**Solution to Abstract Algebra by Dummit & Foote 3rd edition Chapter 7.1 Exercise 7.1.6**

Decide which of the following are subrings of the ring of all functions from the closed interval $[0,1]$ to $\mathbb{R}$.

(1) The set of all functions $f(x)$ such that $f(q) = 0$ for all $q \in \mathbb{Q} \cap [0,1]$.

(2) The set of all polynomial functions.

(3) The set of all functions which have only a finite number of zeros, together with the zero function.

(4) The set of all functions which have an infinite number of zeros.

(5) The set of all functions such that $\lim_{x \rightarrow 1^-} f(x) = 0$.

(6) The set of all rational linear combinations of the functions $\sin mx$ and $\cos nx$, where $m,n \in \mathbb{N}$.

Solution:

(1) Let $A \leq [0,1]$, and let $S$ denote the set of all functions $f : [0,1] \rightarrow \mathbb{R}$ such that $f[A] = 0$. Clearly the zero function is in $S$, and if $f,g \in S$, then $(f-g)(x) = 0$ for all $x \in A$, so that $S$ is a subgroup by the subgroup criterion. Now if $f,g \in S$, then $(fg)(x) = f(x)g(x) = 0$ if $x \in A$. So $S$ is closed under multiplication, and is thus a subring.

(2) Since the sum, difference, and product of two polynomials is again a polynomial, this is a subring.

(3) Define $f$ and $g$ as follows: $f(x) = 1$ if $0 \leq x < 1/2$, 0 if $x = 1/2$, and 1 if $1/2 < x \leq 1$, while $g(x) = -1$ if $0 \leq x < 1/2$, 0 if $x = 1/2$, -1 if $1/2 < x < 1$, and 0 if $x = 1$. Both $f$ and $g$ have finitely many zeroes, but $(f+g)(x) = 0$ if $0 \leq x < 1$ and 1 if $x = 1$; so $f+g$ has infinitely many zeros and is not itself the zero function. Since this set is not closed under addition, it is not a subring.

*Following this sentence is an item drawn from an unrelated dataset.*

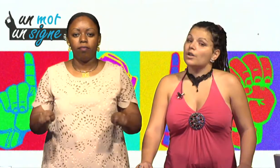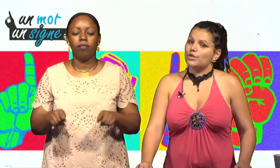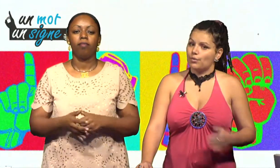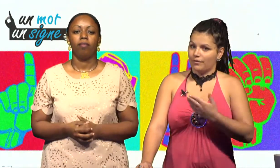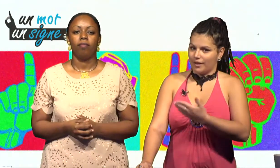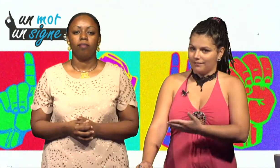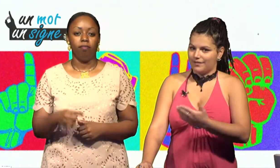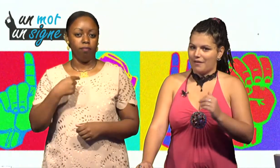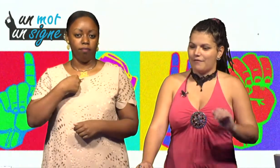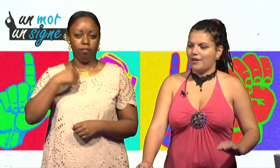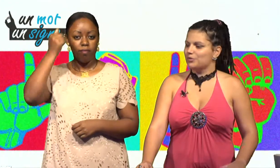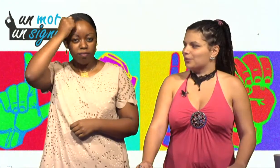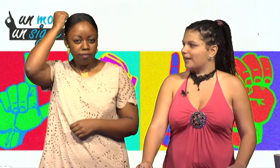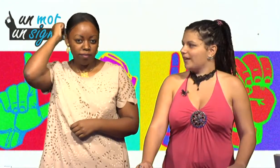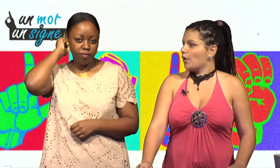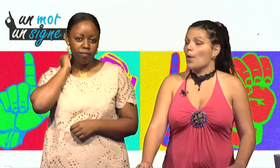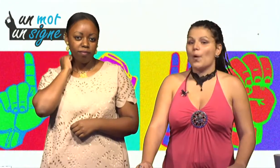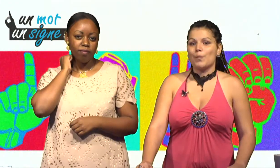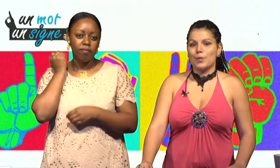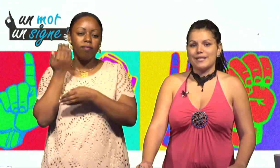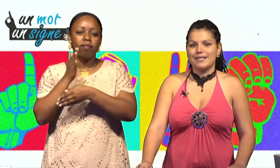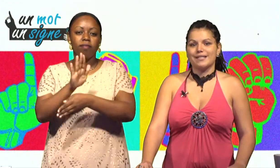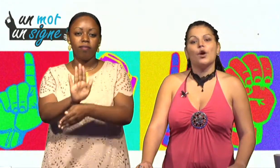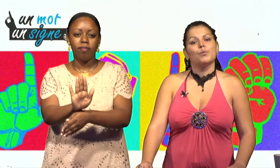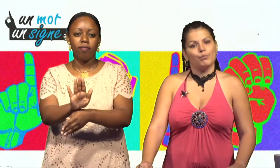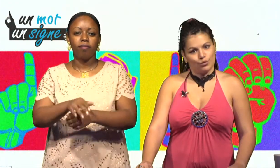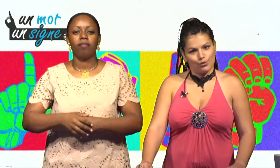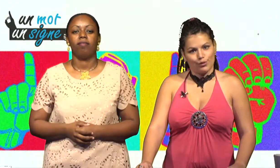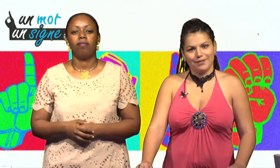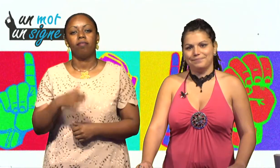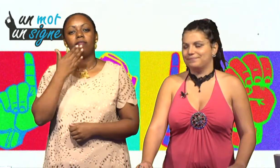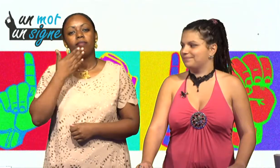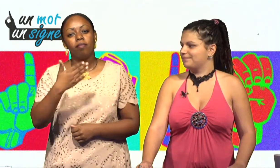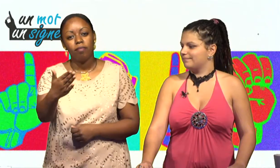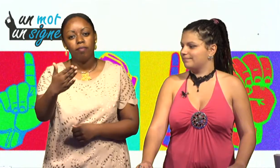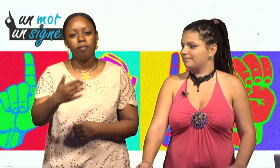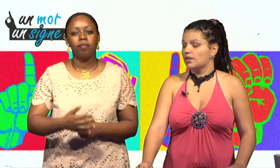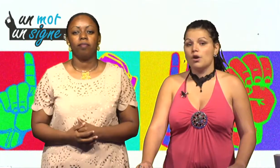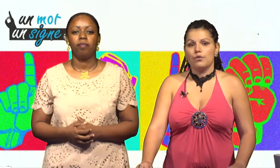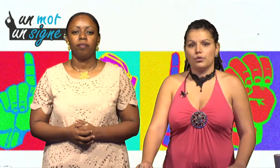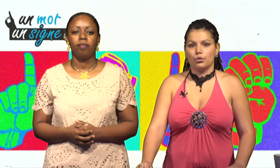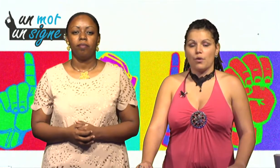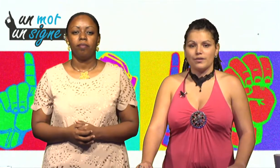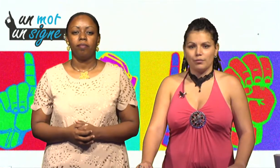Sophia va nous montrer comment on signe « bonjour ». Faisons-le ensemble.

(4) Consider the functions $f(x)$ and $g(x)$ defined as follows: $f(x) = 0$ if $0 \leq x \leq 1/2$ and 1 otherwise, while $g(x) = 1$ if $1/2 \leq x \leq 1$ and 0 otherwise. Both $f$ and $g$ have infinitely many zeroes. However, $(f+g)(x)$ is 2 at 1/2 and 1 otherwise, and thus has no zeroes. Hence this set is not closed under addition, and cannot be a subring.

(5) First we show that this subset is a subgroup. If $f$ and $g$ approach 0 as x approaches 1, then $$\lim_{x \rightarrow 1} (f-g)(x) = \lim_{x \rightarrow 1}f(x) - \lim_{x \rightarrow 1} g(x) = 0.$$ Since the zero function satisfies this property trivially, by the subgroup criterion this set is a subgroup. Similarly, we know from calculus that if $\lim_{x \rightarrow 1} f(x) = 0$ and $\lim_{x \rightarrow 1} g(x) = 0$, then $\lim_{x \rightarrow 1} (fg)(x) = 0$. Thus this set is closed under multiplication, and is a subring.

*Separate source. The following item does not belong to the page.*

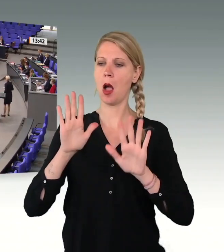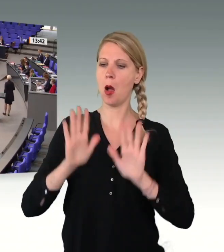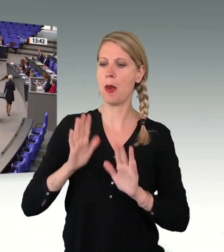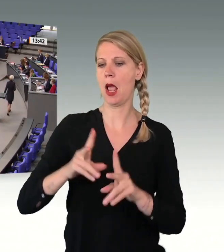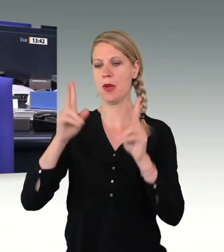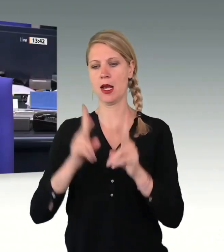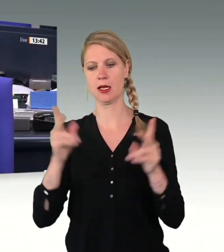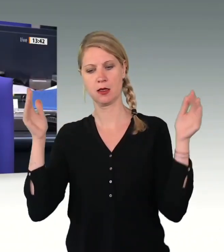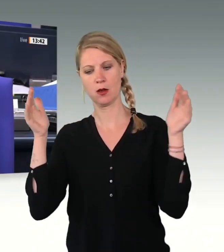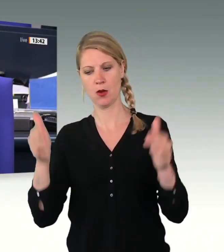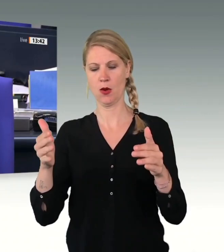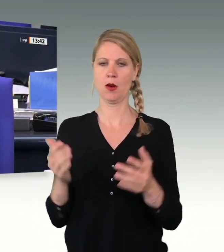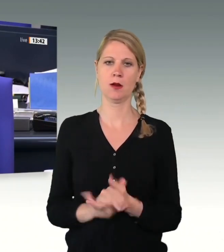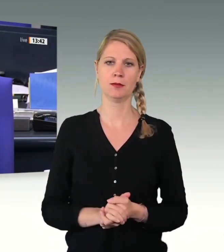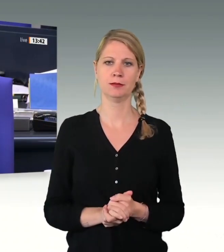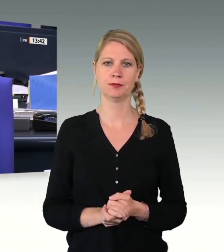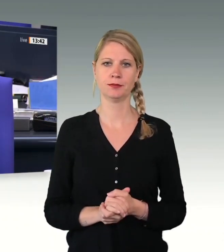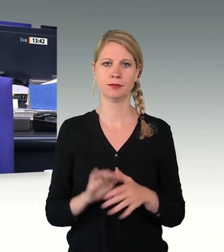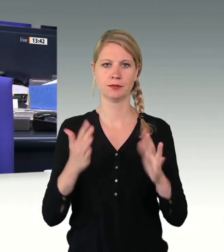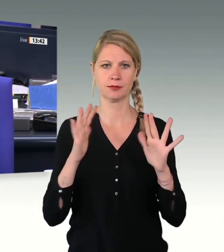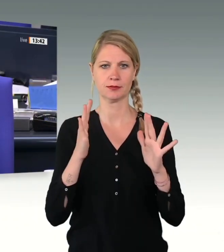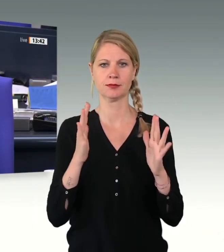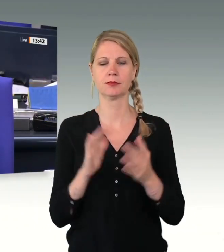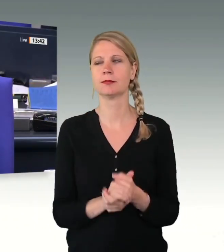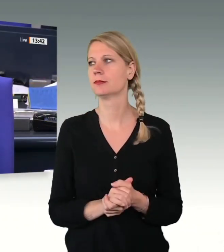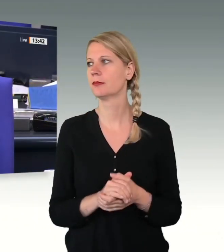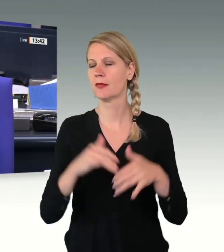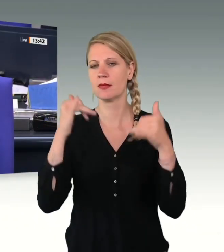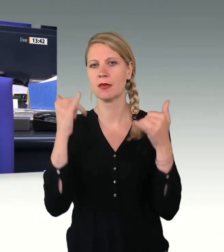Das Wort hat der Kollege Stephan Thomae für die FDP-Fraktion.

(6) Recall the product-to-sum formulas for sine and cosine: $$\cos x \cos y = (\cos(x-y) + \cos(x+y))/2,$$ $$\cos x \sin y = (\sin(x+y) - \sin(x-y))/2,$$ $$ \sin x \cos y = (\sin(x+y) + \sin(x-y))/2,$$ and $$\sin x \sin y = (\cos(x-y) - \cos(x+y))/2.$$ Due to these identities, the sum, difference, and product of a rational linear combination of sines and cosines of integer multiples of $x$ are again of this type. Thus this set is a subring.